AKA Martin Robison Delany

Born: 6-May-1812
Birthplace: Charleston, WV
Died: 24-Jan-1885
Location of death: Xenia, OH
Cause of death: Tuberculosis
Remains: Buried, Massie's Creek Cemetery, Xenia, OH

Gender: Male
Race or Ethnicity: Black
Sexual orientation: Straight
Occupation: Activist
Party Affiliation: Democratic

Nationality: United States
Executive summary: Black nationalist

Military service: US Army (1865-66, Maj.)

Martin Delany was a radical pre-Civil War abolitionist, black nationalist, explorer of Africa, and veteran of the American Civil War. His father was a slave, and all four of his grandparents had been captured in Africa and brought to America as slaves, but his mother was free, and by law this meant Delany was born free. From earliest childhood, he was told by his parents that his ancestors were African royalty. His family fled north when his mother faced prosecution for educating her children.

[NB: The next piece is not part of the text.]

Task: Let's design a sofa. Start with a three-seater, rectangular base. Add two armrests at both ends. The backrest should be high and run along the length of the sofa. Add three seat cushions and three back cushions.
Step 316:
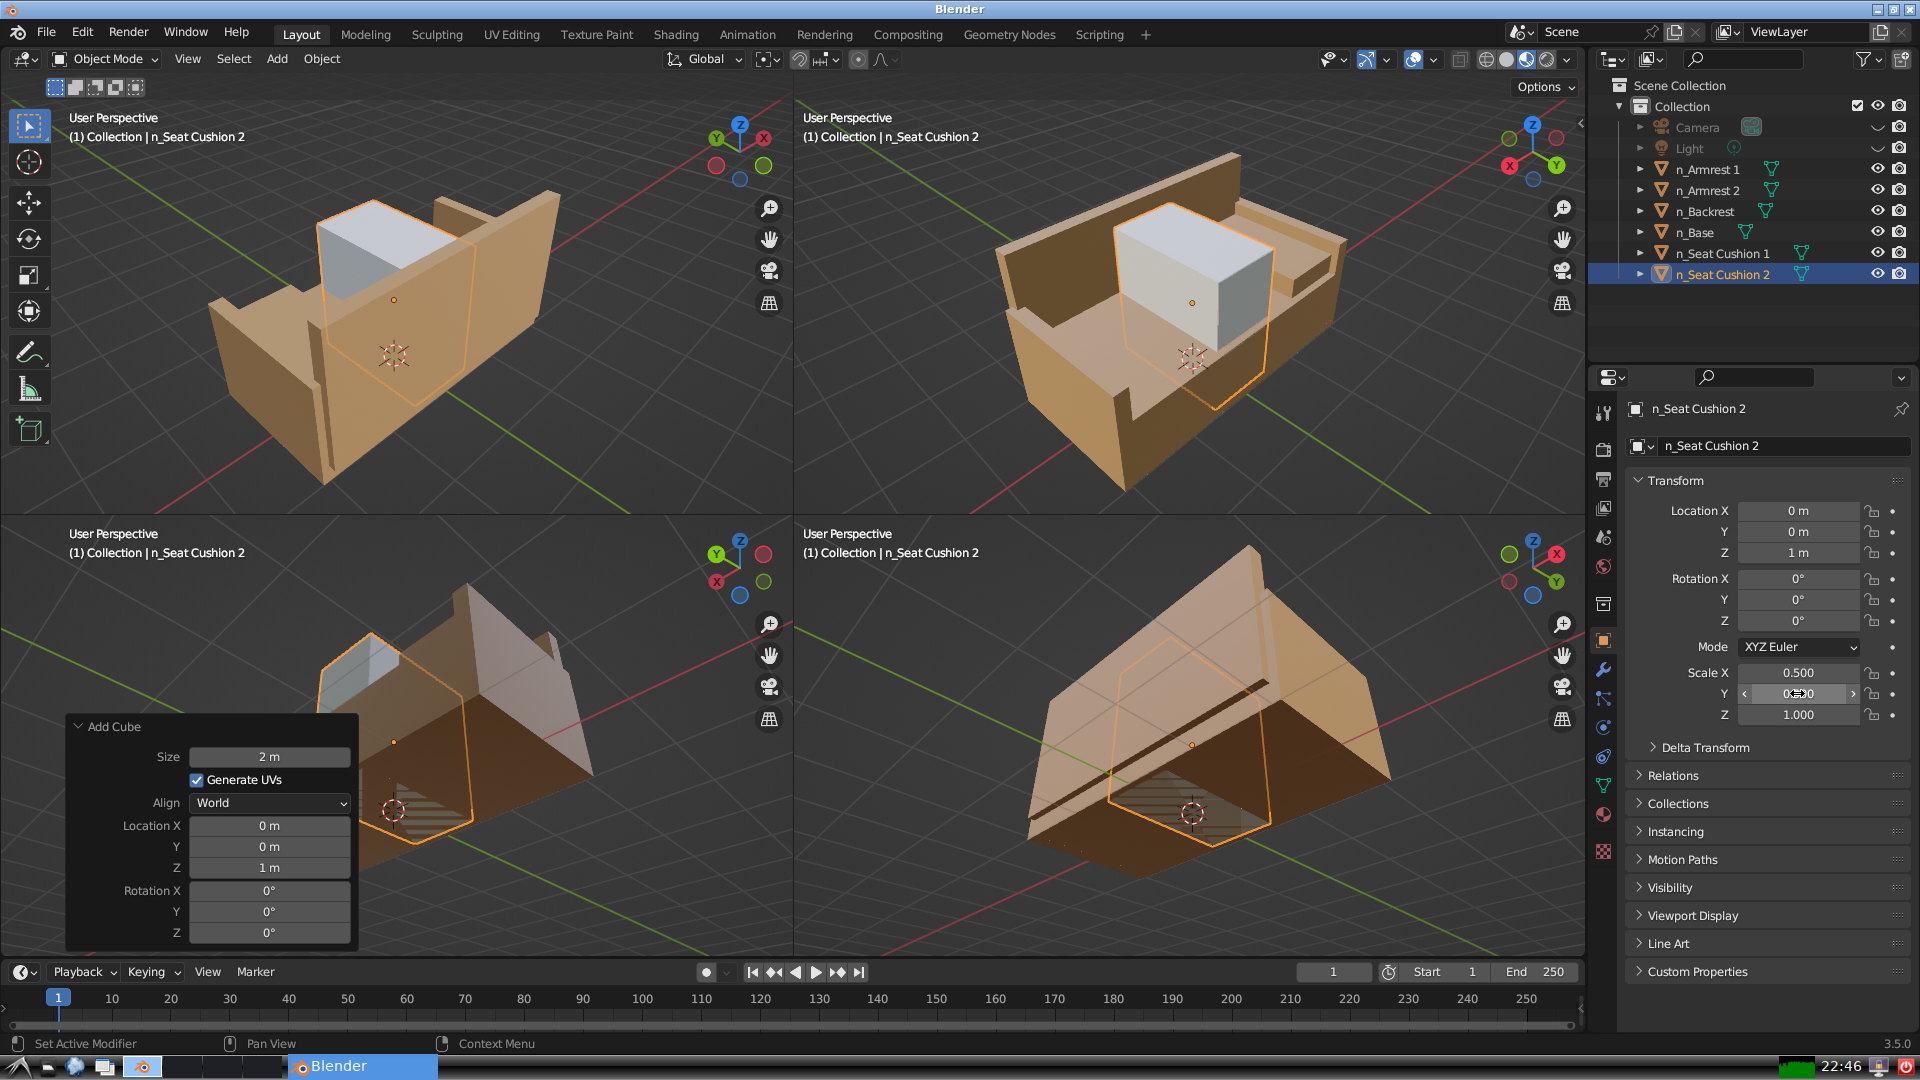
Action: {"mouse_move": [1797, 715]}

From 1843-47, Delany published Mystery, a weekly newspaper advocating abolition, with Frederick Douglass eventually joining the efforts. Delany then closed Mystery and became co-editor of Douglass's newspaper, North Star. He apprenticed under several physicians in the Pittsburgh area, then opened his own practice, specializing in dentistry and leech therapy. With letters from 17 local doctors attesting to his skill, he applied to several medical schools but was rejected on account of his color, before being admitted at Harvard in 1849. He attended for only a few months, however, before his presence became so controversial that the Dean of the Medical School, Oliver Wendell Holmes, rescinded Delany's admission.

Returning to Pittsburgh, he expanded his medical practice to include women's and children's diseases, and became deeply involved in the Underground Railroad and abolitionist movement. Addressing an 1850 rally, Delany said, "My house is my castle. If any man approaches that house in search of a slave... if he crosses the threshold of my door, and I do not lay him a lifeless corpse at my feet, I hope the grave may refuse my body a resting place, and righteous Heaven my spirit a home."

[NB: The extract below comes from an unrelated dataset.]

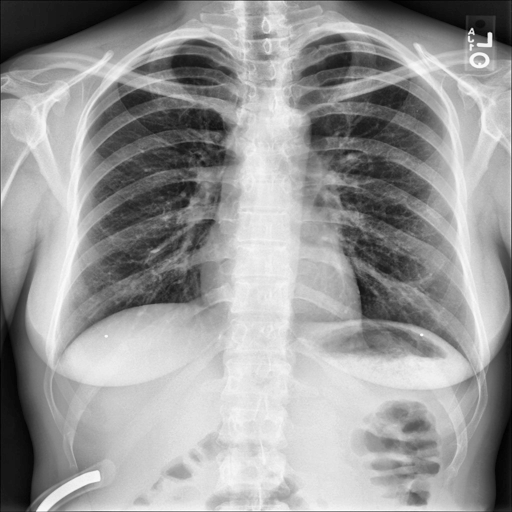
Finding: NORMAL

His 1852 book, The Condition, Elevation, Emigration, and Destiny of the Colored People of the United States, Politically Considered, was the first widely-read call for black nationalism. His novel, Blake, or The Huts of America, was written as something of a response to Harriet Beecher Stowe's novel Uncle Tom's Cabin, as Delany was frustrated by Stowe's portrayal of black slaves as passive victims. One of the first black-authored novels to be published in America, Blake was based on Delany's own underground activities and stories told by friends who had been slaves, and it is seen as a generally accurate portrayal of insurrectionist efforts within slave communities.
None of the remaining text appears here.